_Task item:_
Without including any images, please transcribe all the lines below exactly.

_Provided data:_
=== Section Start ===

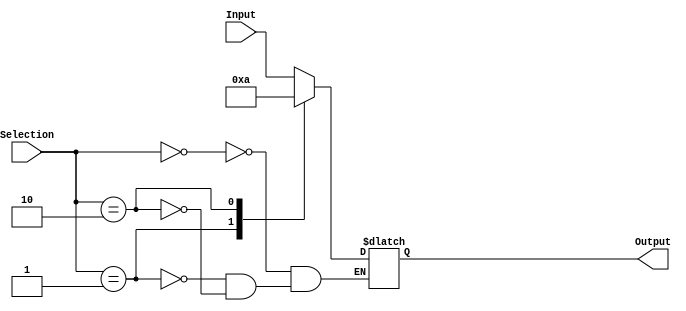
`timescale 1ns / 1ps
//////////////////////////////////////////////////////////////////////////////////
// Company: 
// Engineer: 
// 
// Design Name: 
// Module Name:    InputOrZeroMux 
// Project Name: 
// Target Devices: 
// Tool versions: 
// Description: 
//
// Dependencies: 
//
// Revision: 
// Revision 0.01 - File Created
// Additional Comments: 
//
//////////////////////////////////////////////////////////////////////////////////
module Mux_MemDest(
    input [15:0] Input,
    output reg [15:0] Output,
    input [1:0] Selection
    );
	 
	always @ (Selection or Input)
	begin
		case(Selection) 
			0 : Output = Input;
			1 : Output = 0;
			2 : Output = 10;
		endcase 
		//$display("MemDest Selection: %d Value: %d",Selection,Output);
	end


endmodule

=== Section End ===

_Exercise answer:_
`timescale 1ns / 1ps
//////////////////////////////////////////////////////////////////////////////////
// Company: 
// Engineer: 
// 
// Design Name: 
// Module Name:    InputOrZeroMux 
// Project Name: 
// Target Devices: 
// Tool versions: 
// Description: 
//
// Dependencies: 
//
// Revision: 
// Revision 0.01 - File Created
// Additional Comments: 
//
//////////////////////////////////////////////////////////////////////////////////
module Mux_MemDest(
    input [15:0] Input,
    output reg [15:0] Output,
    input [1:0] Selection
    );
	 
	always @ (Selection or Input)
	begin
		case(Selection) 
			0 : Output = Input;
			1 : Output = 0;
			2 : Output = 10;
		endcase 
		//$display("MemDest Selection: %d Value: %d",Selection,Output);
	end


endmodule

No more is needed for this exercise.